Wie bewerten Sie seine Karriere?
Die ist optimal gelaufen, was die Erfolge betrifft. Wichtig ist in meinen Augen aber auch die eigene Zufriedenheit. Und Bastian macht auf mich einen sehr zufriedenen Eindruck. Was ich sehr schön finde: Er hat nicht bei fünf, sechs Vereinen gespielt, sondern seine Karriere im Großen und Ganzen beim FC Bayern durchgezogen. Durch den Champions-League-Sieg 2013 wird er mit einer Ära in Verbindung gebracht, mehr kann man nicht erreichen. Leider hatte er zum Ende hin durch die ständigen Belastungen immer mit seinem Körper und Verletzungen zu kämpfen.

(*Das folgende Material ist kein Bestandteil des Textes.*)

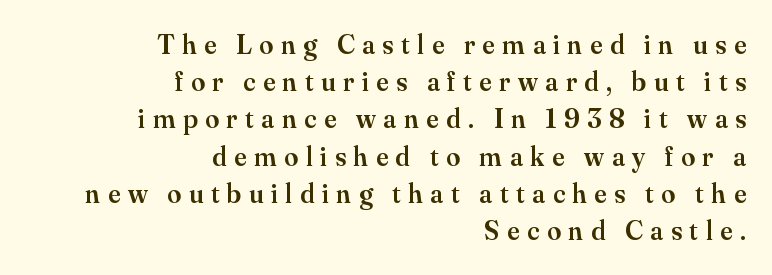
{"serif": "yes", "italic": "no", "bold": "semi", "weight": "semibold", "width": "normal", "stroke_contrast": "medium", "x_height": "small", "monospaced": "no", "underline": "no", "align": "right", "line_spacing": "normal", "line_spacing_ratio": 1.33, "letter_spacing": "wide", "letter_spacing_em": 0.27, "glyph_px": 28}
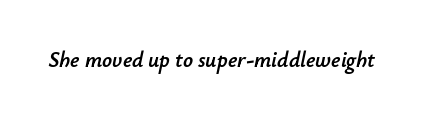
Q: Is the text italic (slanted)? A: Yes, it leans right by about 12 degrees.
Q: Is the text underlined? A: No.
Q: Is the spacing between letters normal or unusually wide? A: Normal.
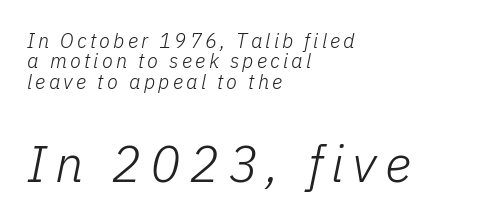
{"italic": "yes", "lean": "right", "slant_degrees": 11, "bold": "no", "weight": "light", "width": "normal", "stroke_contrast": "low", "x_height": "medium", "monospaced": "no", "underline": "no", "align": "left", "line_spacing": "tight", "line_spacing_ratio": 1.02, "larger_block": "second", "size_ratio": 2.55, "glyph_px": 51}
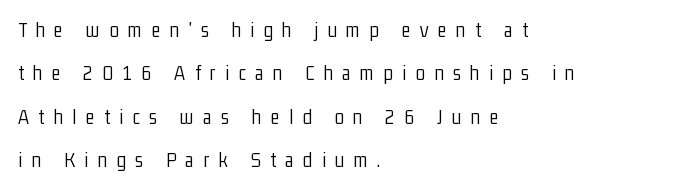
If you drew a ruler down the left edge, every line would touch it. Successive baselines arrive slowly, with a big drop between each. The typeface has the unassuming heft of standard copy or less. The strip under each line holds only bare page.
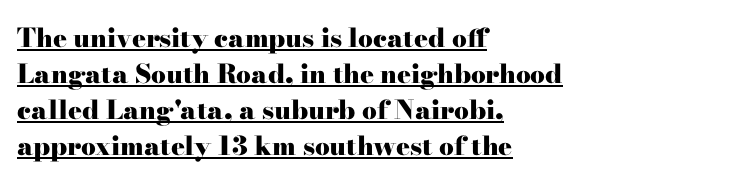
On the weight axis this lands at bold, roughly 700. Ordinary non-slanted type is in use. Students, observe the line beneath the letters — that is underlining. Where is the straight margin? On the left. The rows are spaced the way most documents space them.
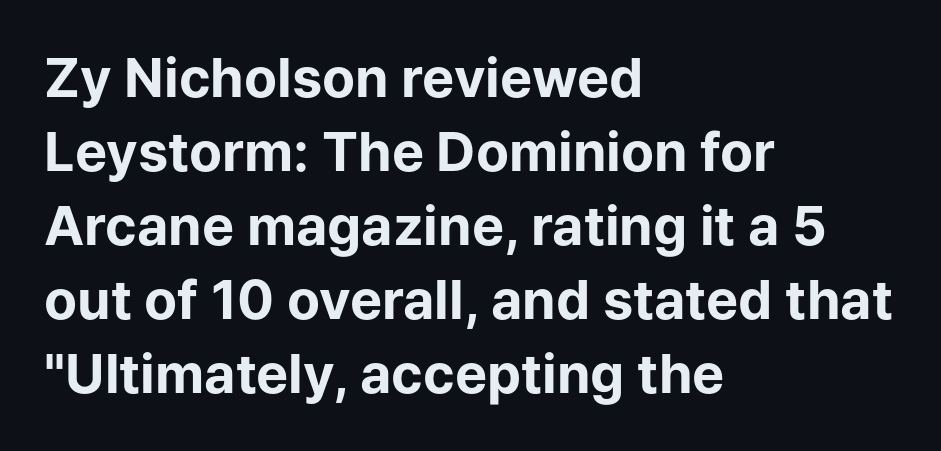
{"serif": "no", "italic": "no", "bold": "yes", "weight": "bold", "width": "normal", "stroke_contrast": "low", "x_height": "medium", "monospaced": "no", "underline": "no", "align": "left", "line_spacing": "normal", "line_spacing_ratio": 1.37, "letter_spacing": "normal", "letter_spacing_em": 0.0, "glyph_px": 54}
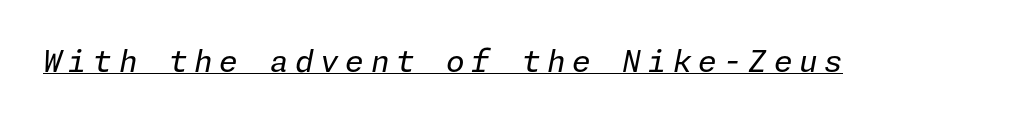
{"italic": "yes", "lean": "right", "slant_degrees": 11, "bold": "no", "weight": "regular", "width": "normal", "stroke_contrast": "low", "x_height": "medium", "underline": "yes", "letter_spacing": "wide", "letter_spacing_em": 0.22, "glyph_px": 30}
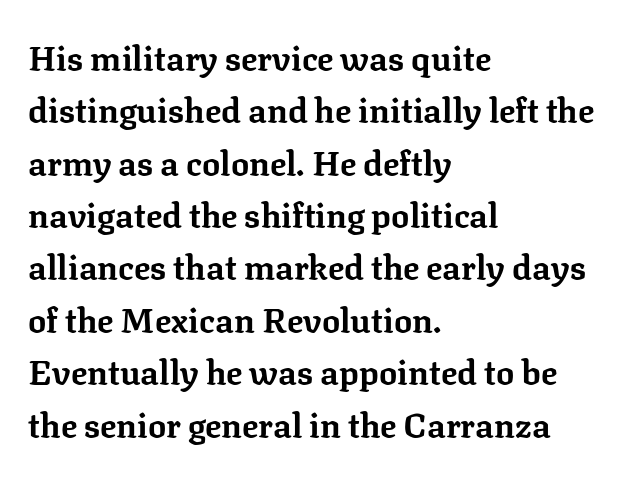
The leading is moderate, giving the passage an even texture. The baseline area is clear. These lines are composed in type with serifs. Here the designer chose a conventional face with non-uniform glyph widths. Set as a true bold cut, around the 700 mark.
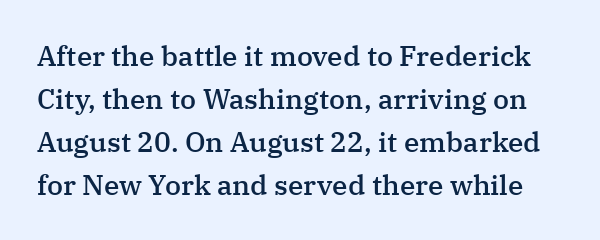
In terms of leading, this rendering sits right in the middle. Between one letter and the next there's only the usual sliver of space. The glyphs in this specimen are seriffed. These words are printed semibold, heavier than regular yet not bold. The face used here is proportionally spaced, like ordinary book or web type.
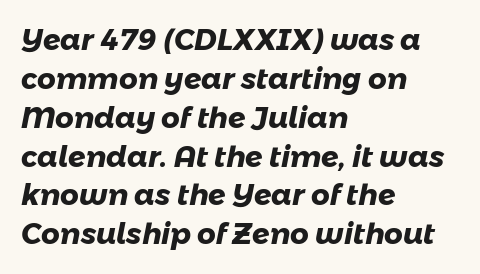
{"serif": "no", "bold": "yes", "weight": "heavy", "width": "normal", "stroke_contrast": "low", "x_height": "medium", "monospaced": "no", "underline": "no", "align": "left", "line_spacing": "normal", "line_spacing_ratio": 1.34, "letter_spacing": "normal", "letter_spacing_em": 0.0, "glyph_px": 29}
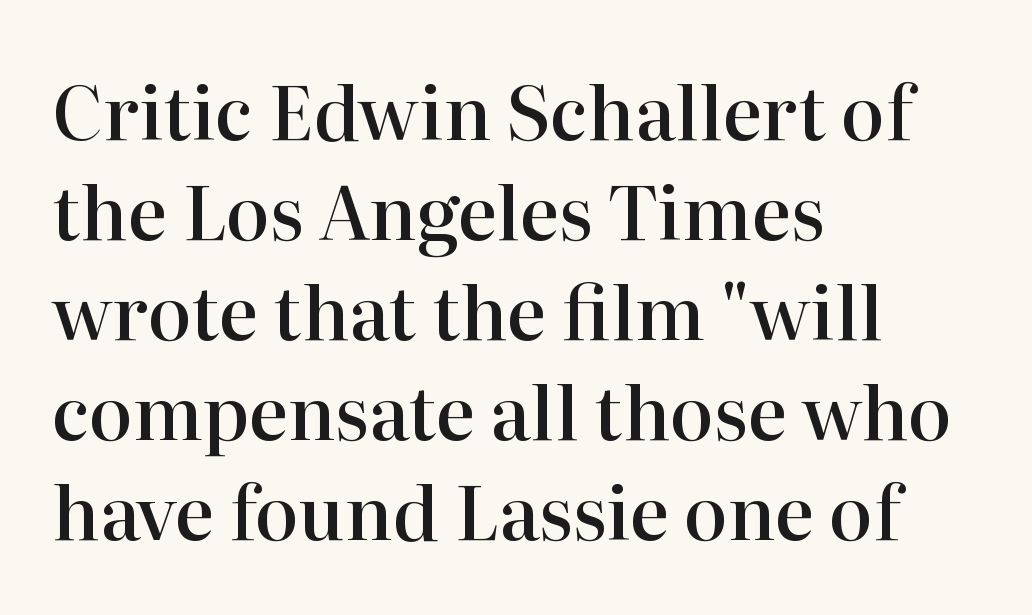
What weight is shown? A semibold, between regular and bold. Glyph-to-glyph distance matches everyday printed text. The space beneath each line is pristine and unruled. The paragraph has a hard left edge and a soft right edge. This block has exactly the height ordinary leading produces.
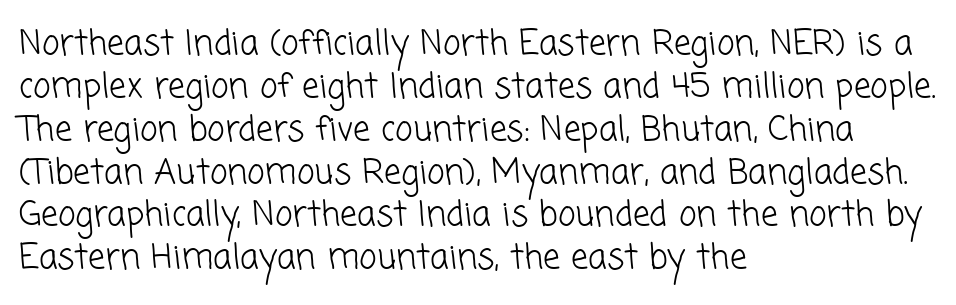
The letterforms sit at book weight or below. You could call the tracking neutral — neither tight nor loose. Short and long lines alike share a common starting point at left. Words float on clear page, feet unadorned. These lines are composed in type without serifs. You could not count columns in this text — the font is proportionally spaced.

Kommen wir zu den wirklich wichtigen Themen des Lebens. Stichwort Mode.
Na ja, seine Generation war natürlich etwas anders unterwegs. Aber auch ich als älterer, etwas konservativerer Typ hatte ja mal eine spätpubertäre Phase, da habe ich mich wieder angepasst. Wenn ich nur an die Kopfhörer denke, die alle heute ständig tragen. Da hätte man uns damals sofort entlassen (lacht).
Bei den Frisuren haben Bastian und Sie sich zeitweise aber wirklich nichts geschenkt.

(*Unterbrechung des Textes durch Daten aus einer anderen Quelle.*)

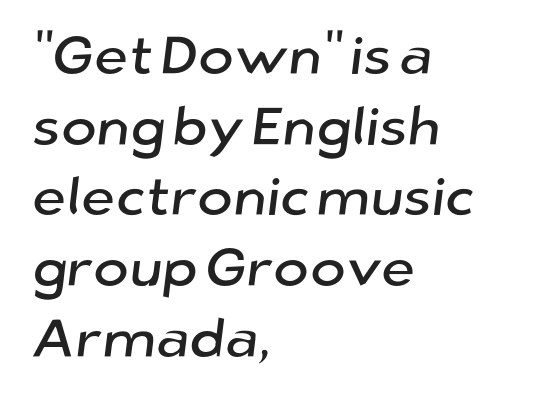
Q: Is the typeface a serif or a sans-serif typeface? A: Sans-serif.
Q: Is the text underlined? A: No.
Q: How is the paragraph aligned? A: Left-aligned.
Q: Is the spacing between letters normal or unusually wide? A: Normal.
Q: Is the spacing between lines tight, normal or loose? A: Normal.
Q: Width (condensed, normal, or wide)? A: Normal.
Q: Stroke contrast? A: Low.
Q: x-height? A: Medium.
Q: Monospaced? A: No.
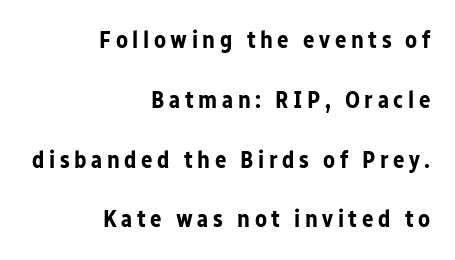
Q: Is the text bold? A: Yes.
Q: Is the text italic (slanted)? A: No, it is upright.
Q: Is the text underlined? A: No.
Q: How is the paragraph aligned? A: Right-aligned.
Q: Is the spacing between lines tight, normal or loose? A: Loose.
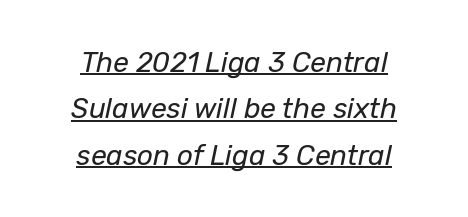
The image shows 28 px regular-weight type, italic (leaning right); set centered, normal line spacing (1.66x), normal letter spacing, underlined; low stroke contrast and a medium x-height.

Wir haben aber damals keine eigenen Friseure zur WM einfliegen lassen, außerdem gab es noch keinen Undercut. Der Undercut ist für mich der Vokuhila der Neuzeit. Zu Basti: Ich habe ihm irgendwann mal, als er wieder mit einer neuen Frisur ankam, eine Ansage gemacht: ,Ich glaube, du hast zu viel Zeit. Beschäftige dich lieber mit Fußball als mit deinen Haaren!’ Klar ging es da auch mal zur Sache. Er war dann zwei, drei Tage beleidigt – vielleicht hatte ich überzogen. Dennoch ist zwischen uns nie etwas hängengeblieben. Außerdem hat er nie seine Karriereziele aus den Augen verloren – auch dank Uli Hoeneß, der ihm offen die Meinung gesagt hat.
Was raten Sie Bastian zu seinem Karriereende?
Er sollte erstmal gar nichts im Fußballbereich machen, sollte die Distanz suchen, um dann zu spüren: Was will ich eigentlich? Er ist ja jetzt Vater geworden, führt mit seiner Frau Ana (die ehemalige WeltklasseTennisspielerin Ivanovic, d.Red.) ein ganz anderes Leben in Chicago. Ab und zu schreiben wir uns SMS, ich habe es aber leider nie geschafft, ihn dort zu besuchen.
Wäre Schweinsteiger nicht der perfekte Trainertyp? Vielleicht zunächst im Jugendbereich.
Das könnte ich mir gut vorstellen, aber er soll sich ausprobieren. Tatsächlich kann er Menschen für sich gewinnen, kann jüngere gut motivieren.